Leo smiled. “You’re looking for a loophole?”
“You bet I am,” I replied. “Tricia’s dragging her feet. Meanwhile, Ben’s pressing me to get it done. Milo and I have to talk.”
“After seeing this picture of him, I thought maybe you were considering your own divorce.”
I stared again at the tall, lanky young man standing somewhat ill at ease beside his beaming, bright-eyed bride. “I think he seems kind of sweet. But age has greatly improved his looks.”
“I’ll grant that much,” Leo conceded. “But sweet, he’s not.”
“That’s good,” I asserted. “If he was, I’d never have married him.”
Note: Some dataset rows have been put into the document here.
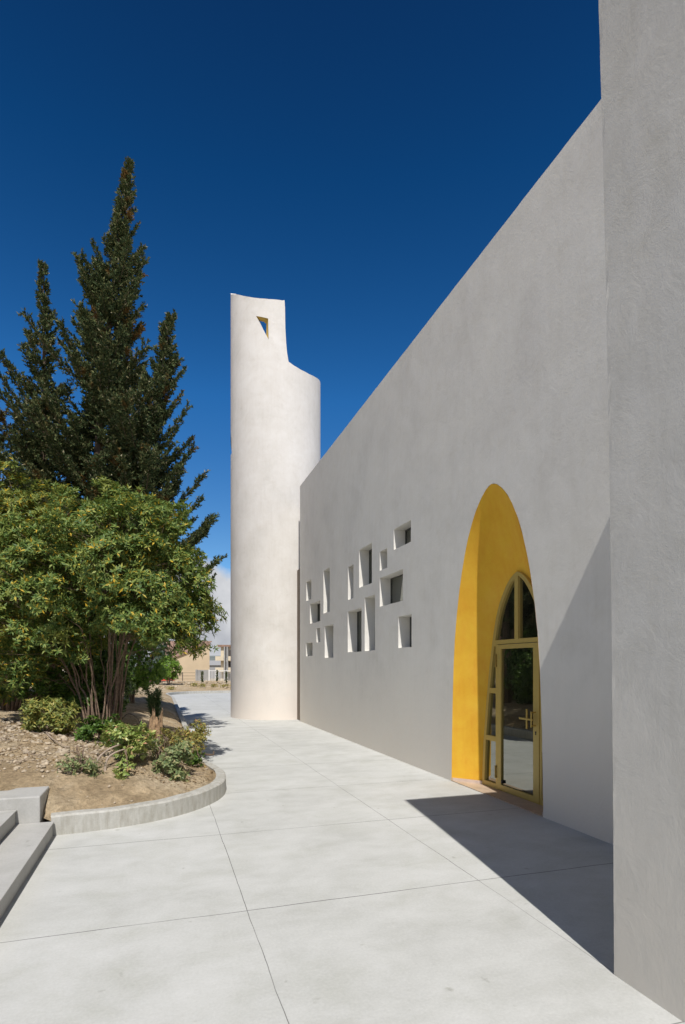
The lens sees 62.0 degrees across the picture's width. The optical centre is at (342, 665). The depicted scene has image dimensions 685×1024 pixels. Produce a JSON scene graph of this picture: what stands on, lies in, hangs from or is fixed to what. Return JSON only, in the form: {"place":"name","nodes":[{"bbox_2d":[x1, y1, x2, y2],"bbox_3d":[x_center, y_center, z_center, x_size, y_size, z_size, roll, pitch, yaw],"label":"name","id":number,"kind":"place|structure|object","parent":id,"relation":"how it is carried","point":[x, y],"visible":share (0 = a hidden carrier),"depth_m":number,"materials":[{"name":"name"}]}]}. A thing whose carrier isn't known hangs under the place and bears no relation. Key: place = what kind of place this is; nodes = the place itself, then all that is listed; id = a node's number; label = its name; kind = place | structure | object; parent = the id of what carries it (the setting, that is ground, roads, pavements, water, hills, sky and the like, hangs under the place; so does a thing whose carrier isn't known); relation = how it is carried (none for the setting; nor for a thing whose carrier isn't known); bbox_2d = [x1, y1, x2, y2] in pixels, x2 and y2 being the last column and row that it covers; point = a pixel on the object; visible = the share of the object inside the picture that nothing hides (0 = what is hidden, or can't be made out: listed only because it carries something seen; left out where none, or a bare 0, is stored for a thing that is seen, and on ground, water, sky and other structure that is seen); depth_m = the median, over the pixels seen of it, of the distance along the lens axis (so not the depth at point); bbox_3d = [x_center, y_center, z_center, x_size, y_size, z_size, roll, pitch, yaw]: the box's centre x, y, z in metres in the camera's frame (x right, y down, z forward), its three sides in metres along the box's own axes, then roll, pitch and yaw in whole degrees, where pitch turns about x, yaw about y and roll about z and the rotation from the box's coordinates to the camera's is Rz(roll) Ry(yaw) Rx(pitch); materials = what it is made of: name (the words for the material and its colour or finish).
{"place":"outdoors","nodes":[
{"label":"outdoors","id":0,"kind":"place"},
{"bbox_2d":[0,681,230,820],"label":"soil bed","id":1,"kind":"object","parent":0,"point":[64,789],"visible":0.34,"depth_m":6.61,"materials":[{"name":"brown soil"}]},
{"bbox_2d":[0,399,24,519],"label":"cypress tree","id":2,"kind":"object","parent":1,"relation":"on","point":[2,440],"visible":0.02,"depth_m":14.37,"materials":[{"name":"green plant"}]},
{"bbox_2d":[0,259,82,615],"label":"cypress tree","id":3,"kind":"object","parent":1,"relation":"on","point":[21,442],"visible":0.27,"depth_m":13.54,"materials":[{"name":"green plant"}]},
{"bbox_2d":[18,695,82,735],"bbox_3d":[-4.123,0.775,8.071,0.833,0.716,0.703,0,0,0],"label":"leafy plant","id":4,"kind":"object","parent":1,"relation":"on","point":[58,720],"visible":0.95,"depth_m":7.94,"materials":[{"name":"green plant"}]},
{"bbox_2d":[7,666,101,715],"bbox_3d":[-4.650,0.439,8.969,1.605,1.016,1.000,0,0,0],"label":"leafy plant","id":5,"kind":"object","parent":1,"relation":"on","point":[54,689],"visible":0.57,"depth_m":8.86,"materials":[{"name":"green plant"}]},
{"bbox_2d":[0,457,113,710],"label":"leafy shrub","id":6,"kind":"object","parent":1,"relation":"on","point":[31,504],"visible":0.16,"depth_m":10.19,"materials":[{"name":"green plant"}]},
{"bbox_2d":[0,616,113,709],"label":"bushy shrub","id":7,"kind":"object","parent":1,"relation":"on","point":[94,662],"visible":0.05,"depth_m":11.48,"materials":[{"name":"green plant"}]},
{"bbox_2d":[56,745,105,778],"bbox_3d":[-2.950,1.120,6.457,0.566,0.449,0.350,0,0,0],"label":"leafy plant","id":8,"kind":"object","parent":1,"relation":"on","point":[82,765],"visible":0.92,"depth_m":6.42,"materials":[{"name":"green plant"}]},
{"bbox_2d":[0,156,185,600],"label":"cypress tree","id":9,"kind":"object","parent":1,"relation":"on","point":[104,353],"visible":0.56,"depth_m":12.78,"materials":[{"name":"green plant"}]},
{"bbox_2d":[73,713,121,742],"bbox_3d":[-3.343,0.908,7.905,0.740,0.530,0.706,0,0,0],"label":"leafy plant","id":10,"kind":"object","parent":1,"relation":"on","point":[88,731],"visible":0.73,"depth_m":7.78,"materials":[{"name":"green plant"}]},
{"bbox_2d":[57,633,139,712],"bbox_3d":[-5.396,0.080,12.335,1.945,2.389,1.710,0,0,0],"label":"bushy shrub","id":11,"kind":"object","parent":1,"relation":"on","point":[129,688],"visible":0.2,"depth_m":11.94,"materials":[{"name":"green plant"}]},
{"bbox_2d":[0,713,202,778],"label":"fallen twigs","id":12,"kind":"object","parent":1,"relation":"on","point":[65,747],"depth_m":7.23,"materials":[{"name":"brown wood"}]},
{"bbox_2d":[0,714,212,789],"bbox_3d":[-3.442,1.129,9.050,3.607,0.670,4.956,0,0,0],"label":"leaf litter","id":13,"kind":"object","parent":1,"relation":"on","point":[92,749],"visible":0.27,"depth_m":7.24,"materials":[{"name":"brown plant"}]},
{"bbox_2d":[0,475,228,735],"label":"leafy shrub","id":14,"kind":"object","parent":1,"relation":"on","point":[98,611],"visible":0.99,"depth_m":8.39,"materials":[{"name":"green plant"}]},
{"bbox_2d":[2,309,227,710],"bbox_3d":[-4.967,-3.494,12.541,3.517,9.102,4.424,0,0,39],"label":"cypress tree","id":15,"kind":"object","parent":1,"relation":"on","point":[138,459],"visible":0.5,"depth_m":12.65,"materials":[{"name":"green plant"}]},
{"bbox_2d":[0,680,230,804],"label":"rubble","id":16,"kind":"object","parent":1,"relation":"on","point":[60,750],"visible":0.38,"depth_m":7.21,"materials":[{"name":"stone"}]},
{"bbox_2d":[112,750,135,779],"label":"leafy plant","id":17,"kind":"object","parent":1,"relation":"on","point":[124,766],"visible":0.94,"depth_m":6.55,"materials":[{"name":"green plant"}]},
{"bbox_2d":[104,736,146,753],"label":"leafy plant","id":18,"kind":"object","parent":1,"relation":"on","point":[112,740],"visible":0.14,"depth_m":7.54,"materials":[{"name":"green plant"}]},
{"bbox_2d":[94,721,157,770],"bbox_3d":[-2.665,0.962,6.895,0.712,0.593,0.722,0,0,0],"label":"fleshy plant","id":19,"kind":"object","parent":1,"relation":"on","point":[129,739],"visible":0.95,"depth_m":6.91,"materials":[{"name":"green plant"}]},
{"bbox_2d":[126,637,172,702],"bbox_3d":[-6.219,0.007,16.865,2.185,2.377,2.257,0,0,0],"label":"round tree","id":20,"kind":"object","parent":1,"relation":"on","point":[144,676],"visible":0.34,"depth_m":16.77,"materials":[{"name":"green plant"}]},
{"bbox_2d":[142,684,162,723],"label":"spiky plant","id":21,"kind":"object","parent":1,"relation":"on","point":[153,699],"visible":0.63,"depth_m":9.42,"materials":[{"name":"green plant"}]},
{"bbox_2d":[135,642,170,677],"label":"tree","id":22,"kind":"object","parent":1,"relation":"on","point":[157,657],"visible":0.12,"depth_m":41.83,"materials":[{"name":"green plant"}]},
{"bbox_2d":[144,708,170,742],"bbox_3d":[-2.878,0.969,8.750,0.496,0.689,0.421,0,0,0],"label":"tree stump","id":23,"kind":"object","parent":1,"relation":"on","point":[155,723],"visible":0.27,"depth_m":8.69,"materials":[{"name":"brown wood"}]},
{"bbox_2d":[136,736,179,760],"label":"leafy plant","id":24,"kind":"object","parent":1,"relation":"on","point":[158,751],"visible":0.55,"depth_m":7.35,"materials":[{"name":"green plant"}]},
{"bbox_2d":[157,656,182,684],"bbox_3d":[-11.527,0.319,38.036,1.784,2.070,1.846,0,0,0],"label":"tree","id":25,"kind":"object","parent":1,"relation":"on","point":[172,674],"visible":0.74,"depth_m":37.74,"materials":[{"name":"green plant"}]},
{"bbox_2d":[150,736,193,781],"bbox_3d":[-2.080,1.159,6.998,0.518,0.573,0.499,0,0,0],"label":"fleshy plant","id":26,"kind":"object","parent":1,"relation":"on","point":[174,757],"visible":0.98,"depth_m":6.92,"materials":[{"name":"green plant"}]},
{"bbox_2d":[143,718,210,752],"bbox_3d":[-2.537,1.140,8.885,0.689,0.604,1.653,0,0,22],"label":"leafy plant","id":27,"kind":"object","parent":1,"relation":"on","point":[202,733],"visible":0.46,"depth_m":8.94,"materials":[{"name":"green plant"}]},
{"bbox_2d":[168,727,205,753],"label":"leafy plant","id":28,"kind":"object","parent":1,"relation":"on","point":[192,740],"visible":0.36,"depth_m":8.33,"materials":[{"name":"green plant"}]},
{"bbox_2d":[182,746,205,766],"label":"leafy plant","id":29,"kind":"object","parent":1,"relation":"on","point":[197,759],"visible":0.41,"depth_m":7.73,"materials":[{"name":"green plant"}]},
{"bbox_2d":[167,683,230,689],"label":"ground cover","id":30,"kind":"object","parent":1,"relation":"on","point":[196,684],"visible":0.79,"depth_m":36.69,"materials":[{"name":"green plant"}]},
{"bbox_2d":[200,671,203,682],"bbox_3d":[-9.605,0.818,39.029,0.286,1.049,0.354,0,0,-26],"label":"young cypress","id":31,"kind":"object","parent":1,"relation":"on","point":[202,673],"visible":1,"depth_m":38.97,"materials":[{"name":"green plant"}]},
{"bbox_2d":[208,670,230,680],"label":"metal fence","id":32,"kind":"object","parent":1,"relation":"on","point":[221,674],"visible":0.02,"depth_m":45.98,"materials":[{"name":"white metal"}]},
{"bbox_2d":[225,671,227,683],"bbox_3d":[-8.064,0.855,39.482,0.316,1.053,0.296,0,0,0],"label":"young cypress","id":33,"kind":"object","parent":1,"relation":"on","point":[226,675],"visible":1,"depth_m":39.47,"materials":[{"name":"green plant"}]},
{"bbox_2d":[231,293,319,719],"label":"bell tower","id":34,"kind":"structure","parent":0,"point":[275,425],"depth_m":17.48,"materials":[{"name":"beige paint"}]},
{"bbox_2d":[0,0,600,658],"label":"sky","id":35,"kind":"structure","parent":0,"point":[347,163],"materials":[{"name":"blue"}]},
{"bbox_2d":[0,693,684,1023],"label":"pavement","id":36,"kind":"structure","parent":0,"point":[299,872],"depth_m":3.88,"materials":[{"name":"concrete"}]},
{"bbox_2d":[0,810,53,918],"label":"garden steps","id":37,"kind":"structure","parent":36,"relation":"on","point":[22,847],"depth_m":4.73,"materials":[{"name":"concrete"}]},
{"bbox_2d":[51,690,230,835],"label":"kerb","id":38,"kind":"structure","parent":36,"relation":"on","point":[88,820],"depth_m":6.01,"materials":[{"name":"concrete"}]},
{"bbox_2d":[297,0,684,1022],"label":"church hall","id":39,"kind":"structure","parent":36,"relation":"on","point":[491,586],"depth_m":6.04,"materials":[{"name":"grey paint"}]},
{"bbox_2d":[318,604,319,620],"bbox_3d":[-0.526,-1.446,15.449,0.342,0.565,1.027,0,0,0],"label":"window","id":40,"kind":"structure","parent":39,"relation":"in","point":[318,604],"depth_m":15.84,"materials":[{"name":"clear glass"}]},
{"bbox_2d":[357,611,361,651],"bbox_3d":[0.474,-0.756,12.325,0.297,0.926,0.885,0,0,0],"label":"window","id":41,"kind":"structure","parent":39,"relation":"in","point":[359,614],"depth_m":12.65,"materials":[{"name":"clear glass"}]},
{"bbox_2d":[369,549,371,583],"bbox_3d":[0.682,-2.036,11.675,0.250,0.815,0.741,0,0,0],"label":"window","id":42,"kind":"structure","parent":39,"relation":"in","point":[370,551],"depth_m":11.99,"materials":[{"name":"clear glass"}]},
{"bbox_2d":[390,574,402,603],"bbox_3d":[1.091,-1.397,10.396,0.350,0.565,1.052,0,0,0],"label":"window","id":43,"kind":"structure","parent":39,"relation":"in","point":[396,583],"depth_m":10.67,"materials":[{"name":"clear glass"}]},
{"bbox_2d":[405,527,410,543],"bbox_3d":[1.245,-2.254,9.916,0.240,0.384,0.709,0,0,0],"label":"window","id":44,"kind":"structure","parent":39,"relation":"in","point":[407,532],"depth_m":10.15,"materials":[{"name":"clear glass"}]},
{"bbox_2d":[410,617,411,646],"bbox_3d":[1.281,-0.588,9.804,0.187,0.567,0.543,0,0,0],"label":"window","id":45,"kind":"structure","parent":39,"relation":"in","point":[410,617],"depth_m":10.05,"materials":[{"name":"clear glass"}]},
{"bbox_2d":[482,571,542,805],"bbox_3d":[2.201,0.232,7.163,0.324,2.836,1.615,0,0,-10],"label":"door","id":46,"kind":"structure","parent":39,"relation":"in","point":[512,743],"depth_m":7.20,"materials":[{"name":"gold metal"}]},
{"bbox_3d":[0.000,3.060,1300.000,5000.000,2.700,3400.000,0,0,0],"label":"ground","id":47,"kind":"structure","parent":0,"visible":0},
{"bbox_2d":[0,786,48,824],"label":"stair side wall","id":48,"kind":"structure","parent":47,"relation":"on","point":[27,804],"depth_m":5.48,"materials":[{"name":"concrete"}]},
{"bbox_2d":[176,673,194,680],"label":"yard wall","id":49,"kind":"structure","parent":47,"relation":"on","point":[188,676],"depth_m":78.00,"materials":[{"name":"beige concrete"}]},
{"bbox_2d":[163,641,211,680],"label":"beige house","id":50,"kind":"structure","parent":47,"relation":"on","point":[187,664],"depth_m":90.00,"materials":[{"name":"beige paint"}]},
{"bbox_2d":[195,670,207,680],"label":"sheet gate","id":51,"kind":"structure","parent":47,"relation":"on","point":[198,675],"depth_m":45.99,"materials":[{"name":"white metal"}]},
{"bbox_2d":[210,660,220,678],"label":"distant house","id":52,"kind":"structure","parent":47,"relation":"on","point":[214,664],"depth_m":200.00,"materials":[{"name":"grey paint"}]},
{"bbox_2d":[215,645,230,680],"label":"apartment building","id":53,"kind":"structure","parent":47,"relation":"on","point":[224,658],"depth_m":129.20,"materials":[{"name":"beige paint"}]}
]}

Leo just shook his head and wandered off to his desk.
—
I set aside my research. After telling Alison I was leaving early, I headed for the art gallery across Front Street and four blocks east. I found a parking spot near the corner of Eighth. The CLOSED sign was on the door, but I could see Donna inside. She hurried to let me in.
“I was going to call you,” she said, smiling. “I sold Craig’s new work today to a man from Longview. He liked it a lot better than you did.”
“He probably knows more about art than I do,” I said, a trifle chagrined. “I can only respond on a visceral level. Most of Picasso’s works are a total mystery and the Pop Art movement looks like junk.”
“Some of it was,” Donna agreed. “I’m no expert, but I studied art in college and I try to keep up with what’s current. This,” she went on with a sweeping gesture, “is more personally rewarding than running the day care. There are only so many diaper changes and nose-wipings you can do in a day before you need something more aesthetic. Of course I couldn’t afford to run the gallery if it wasn’t for my day job.”
“Does Craig know you’ve sold the painting?”
“I left a message on his cell,” Donna replied, rearranging two pairs of ceramic candleholders on top of a display case. “He’ll get in touch when he feels like it. You know time and money mean nothing to him.” Her gratified expression changed. “I heard Ren Rawlings got out of the hospital today. Do you know how she’s doing?”